Solar Mesosphere Explorer

Solar Mesosphere Explorer
Mission type Earth observation
Operator NASA
COSPAR ID 1981-100A
SATCAT № 12887
Mission duration ~7 years
Spacecraft properties
Manufacturer Jet Propulsion Laboratory
Launch mass 437 kilograms (963 lb)
Start of mission
Launch date October 6, 1981, 11:27 UTC
Rocket Delta 2310
Launch site Vandenberg AFB SLC-2W
Orbital parameters
Reference system Geocentric
Regime Low Earth
Perigee 535.0 kilometers (332.4 mi)
Apogee 551.0 kilometers (342.4 mi)
Inclination 97.5589 degrees
Period 95.50 minutes
RAAN 138.8452 degrees
Argument of perigee 259.5734 degrees
Mean anomaly 100.6126 degrees
Mean motion 16.36783794
Epoch 5 March 1991, 04:02:01 UTC
Revolution number 205
Instruments
Ultraviolet ozone spectrometer
1.27 micrometre spectrometer
nitrogen dioxide spectrometer
four-channel infrared radiometer
solar ultraviolet monitor
solar proton alarm detector

The Solar Mesosphere Explorer (also known as Explorer 64) was an United States unmanned spacecraft to investigate the processes that create and destroy ozone in Earth's upper atmosphere. The mesosphere is a layer of the atmosphere extending from the top of the stratosphere to an altitude of about 80 kilometers (50 mi). The spacecraft carried five instruments to measure ozone, water vapor and incoming solar radiation.

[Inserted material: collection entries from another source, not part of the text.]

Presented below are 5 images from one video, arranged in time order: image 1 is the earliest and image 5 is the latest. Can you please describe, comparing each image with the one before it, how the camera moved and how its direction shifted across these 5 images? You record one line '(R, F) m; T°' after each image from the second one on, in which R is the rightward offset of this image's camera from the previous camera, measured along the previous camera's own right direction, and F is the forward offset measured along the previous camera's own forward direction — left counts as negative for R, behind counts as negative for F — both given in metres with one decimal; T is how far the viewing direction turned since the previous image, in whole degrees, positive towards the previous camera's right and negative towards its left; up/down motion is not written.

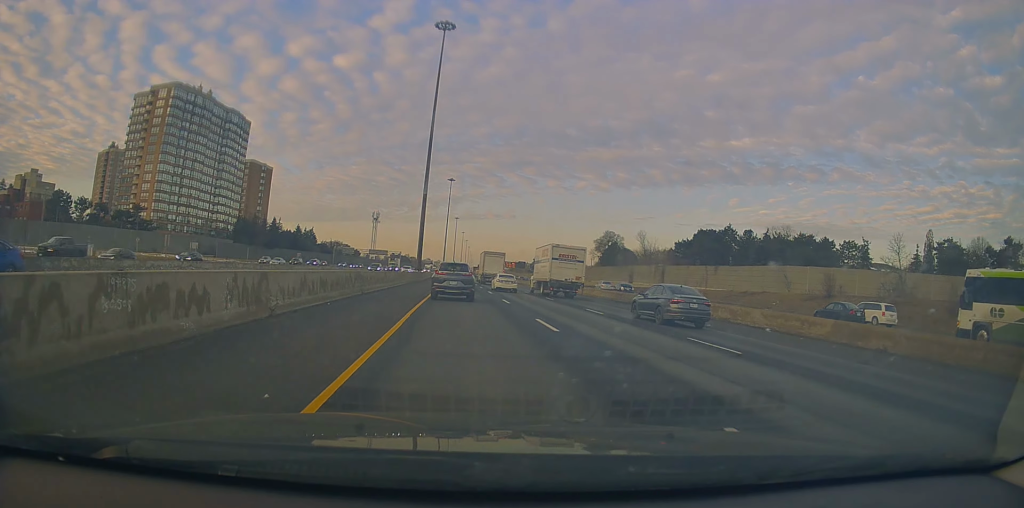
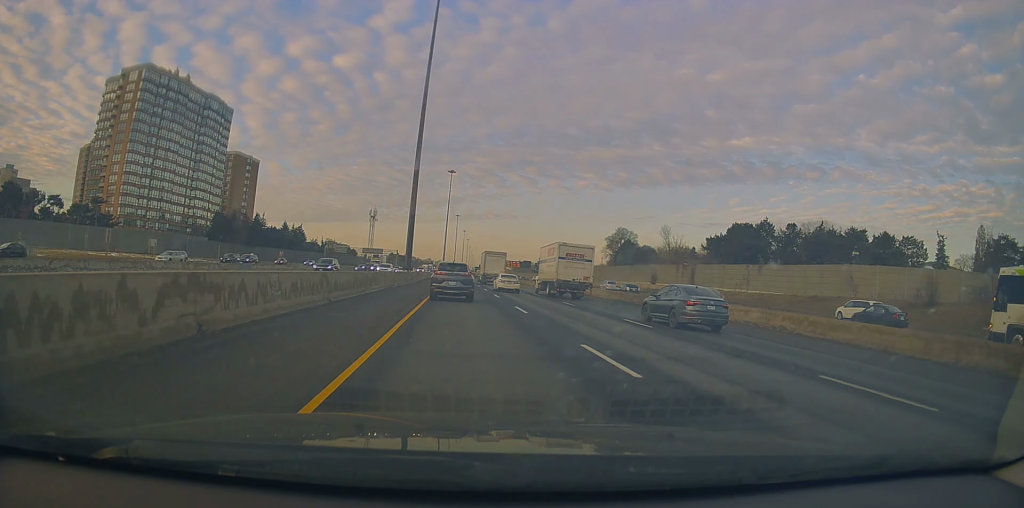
(-0.4, +18.1) m; +1°
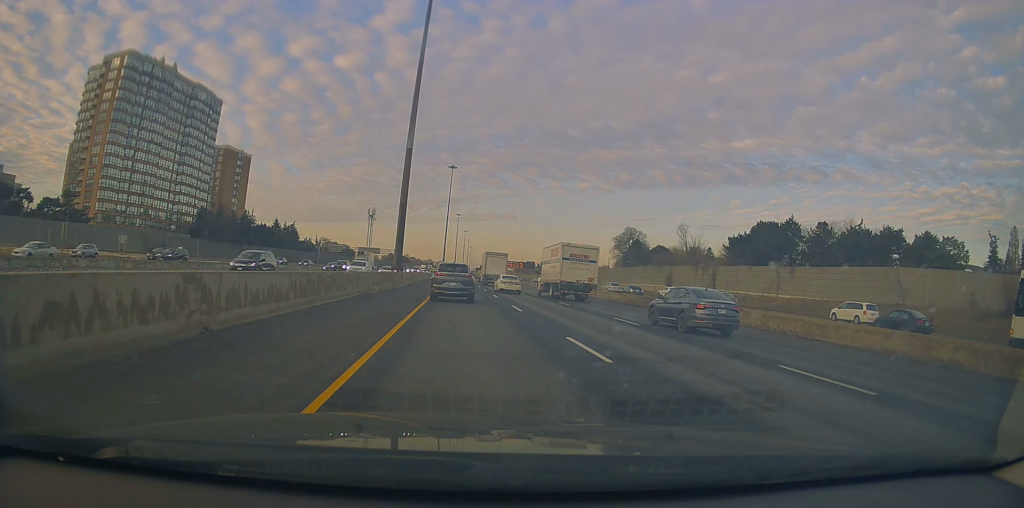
(+0.5, +10.3) m; 0°
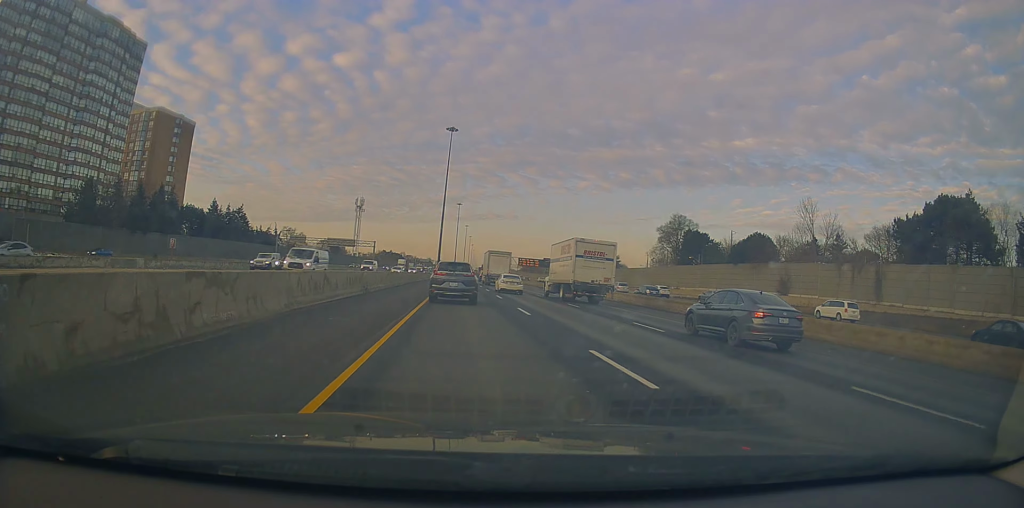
(-0.1, +49.5) m; -1°
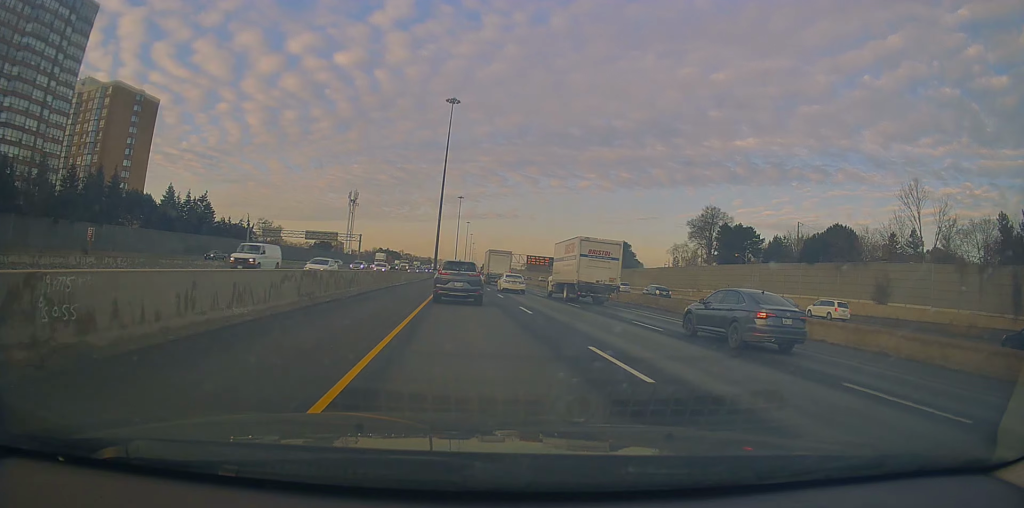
(-0.1, +23.6) m; 0°
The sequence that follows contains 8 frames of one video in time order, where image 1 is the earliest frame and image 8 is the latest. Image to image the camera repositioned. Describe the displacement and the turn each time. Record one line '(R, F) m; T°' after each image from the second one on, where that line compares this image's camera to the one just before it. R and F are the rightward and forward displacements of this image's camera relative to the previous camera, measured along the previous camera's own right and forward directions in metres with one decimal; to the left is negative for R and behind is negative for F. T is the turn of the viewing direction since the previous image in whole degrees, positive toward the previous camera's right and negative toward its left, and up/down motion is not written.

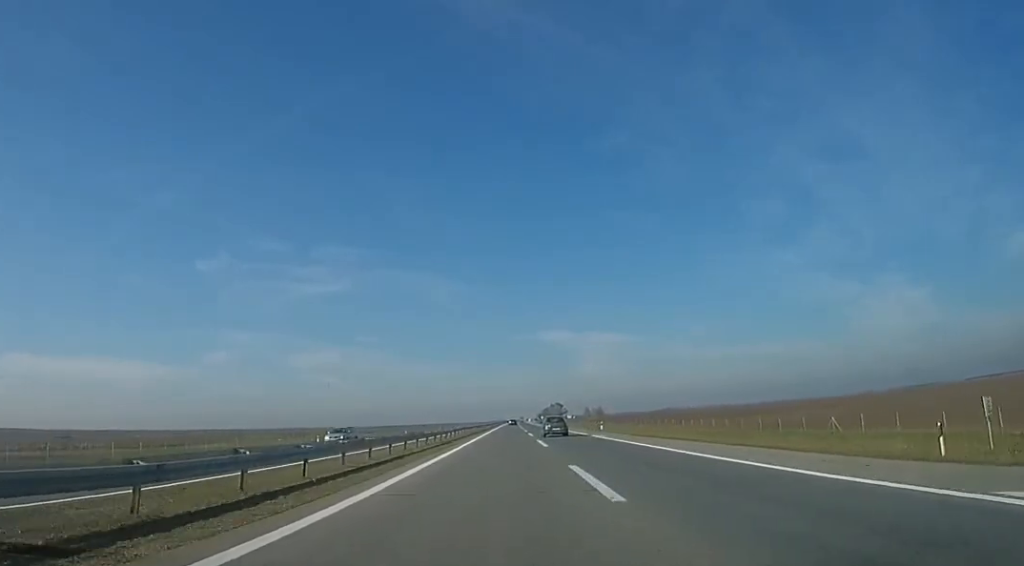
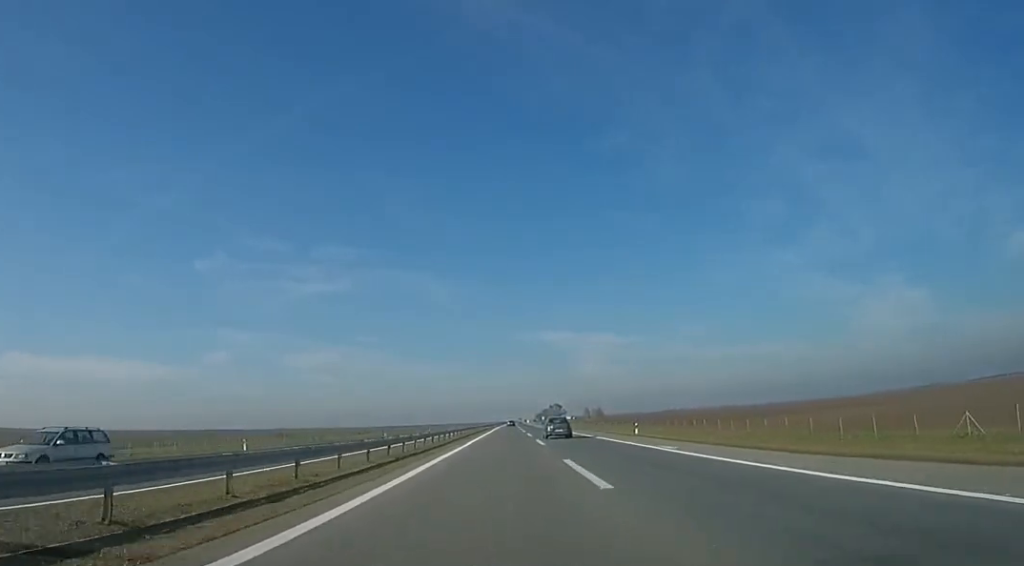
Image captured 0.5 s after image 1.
(+0.2, +16.9) m; 0°
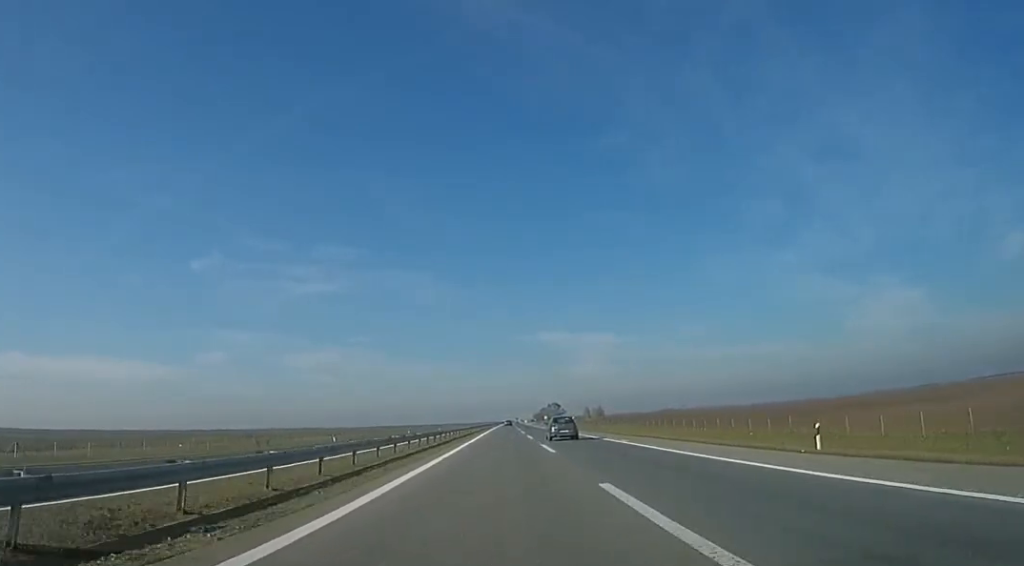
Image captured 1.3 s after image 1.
(+0.1, +26.1) m; -1°
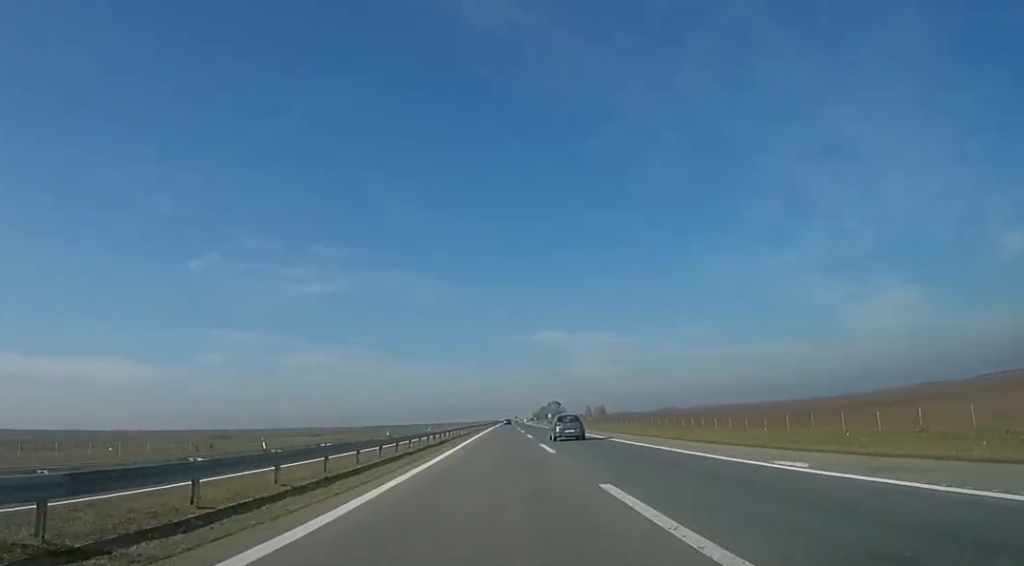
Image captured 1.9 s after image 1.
(-0.4, +19.5) m; 0°
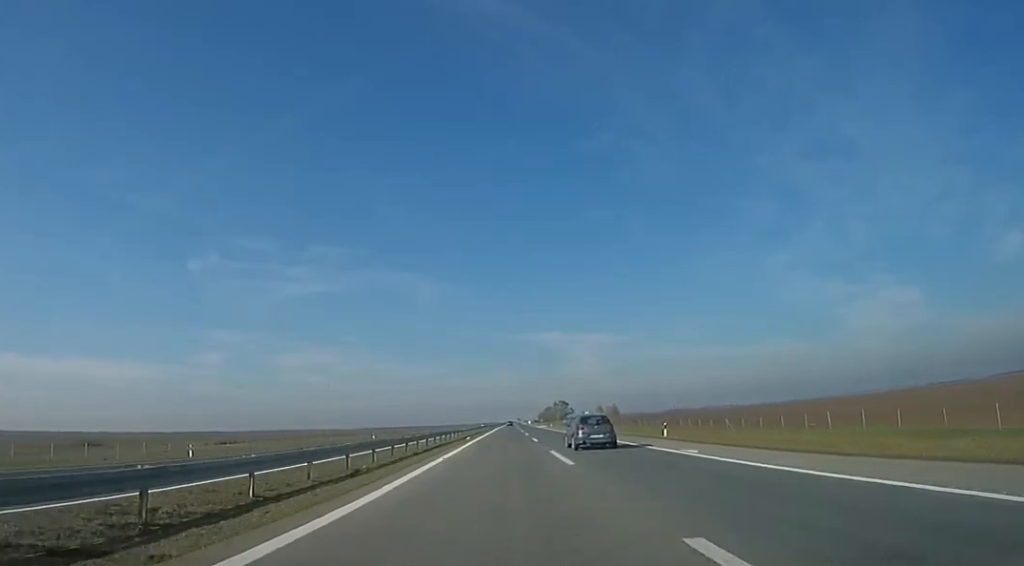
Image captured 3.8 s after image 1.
(+0.7, +61.7) m; +1°
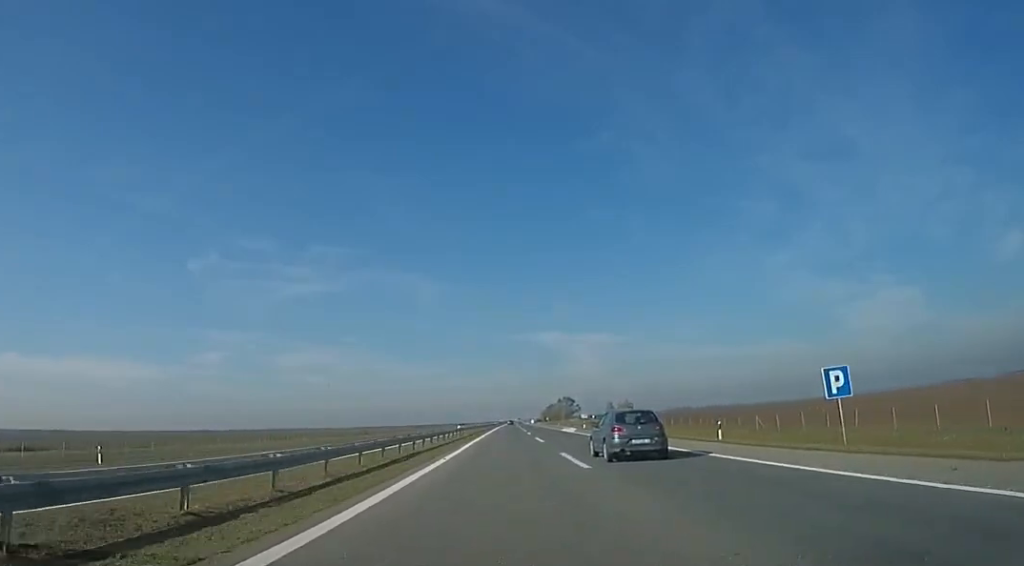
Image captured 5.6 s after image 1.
(0.0, +59.0) m; +1°
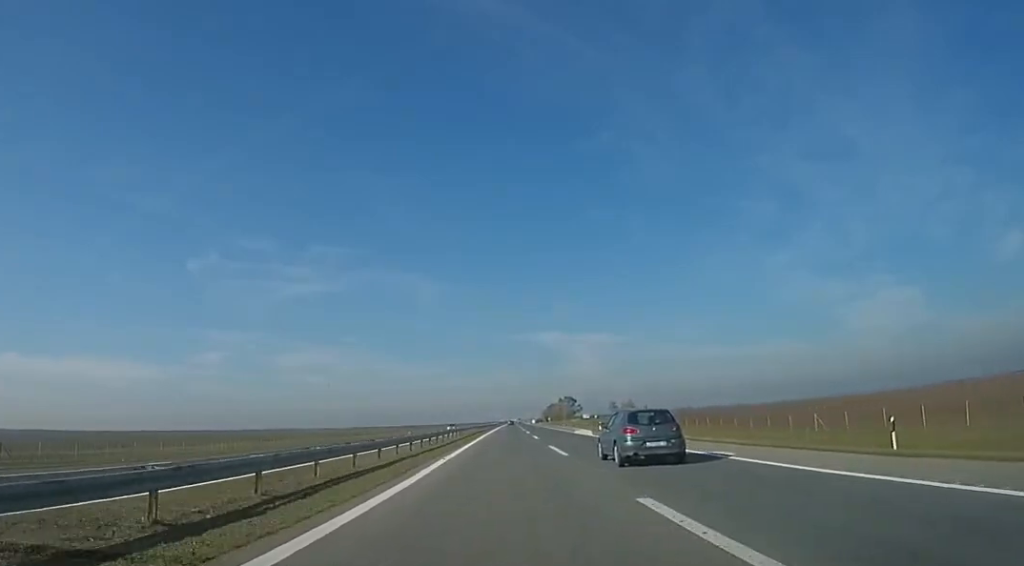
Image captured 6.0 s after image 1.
(-0.1, +13.0) m; +1°
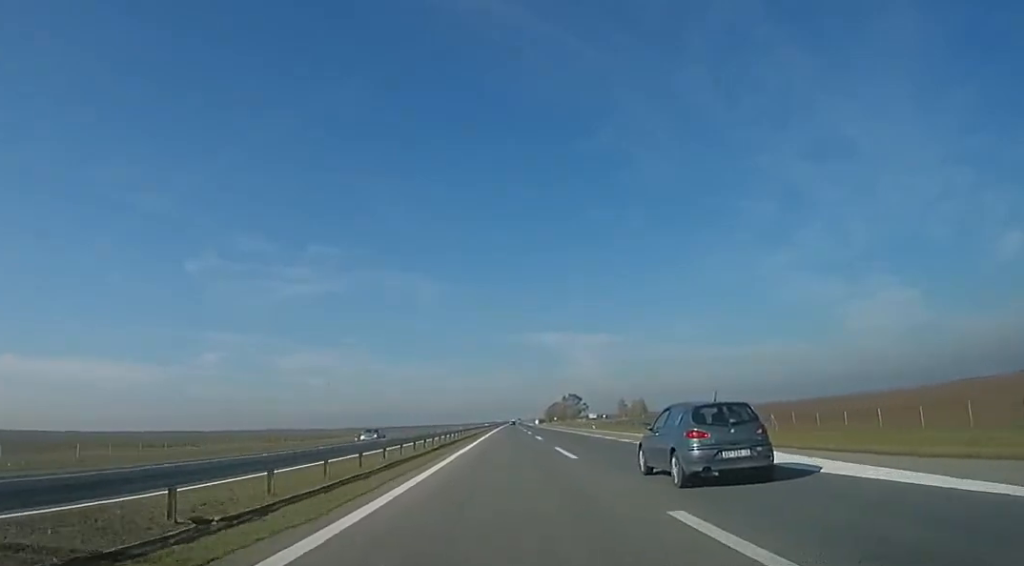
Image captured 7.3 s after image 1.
(+1.1, +39.1) m; +1°

Launched on October 6, 1981, on a Delta rocket from Vandenberg Air Force Base, in California, the satellite returned data until April 4, 1989. The spacecraft reentered Earth's atmosphere on March 5, 1991.

Managed for NASA by the Jet Propulsion Laboratory, the Solar Mesosphere Explorer was built by Ball Space Systems and operated by the Laboratory for Atmospheric and Space Physics of the University of Colorado where one hundred undergraduate and graduate students were involved.[1]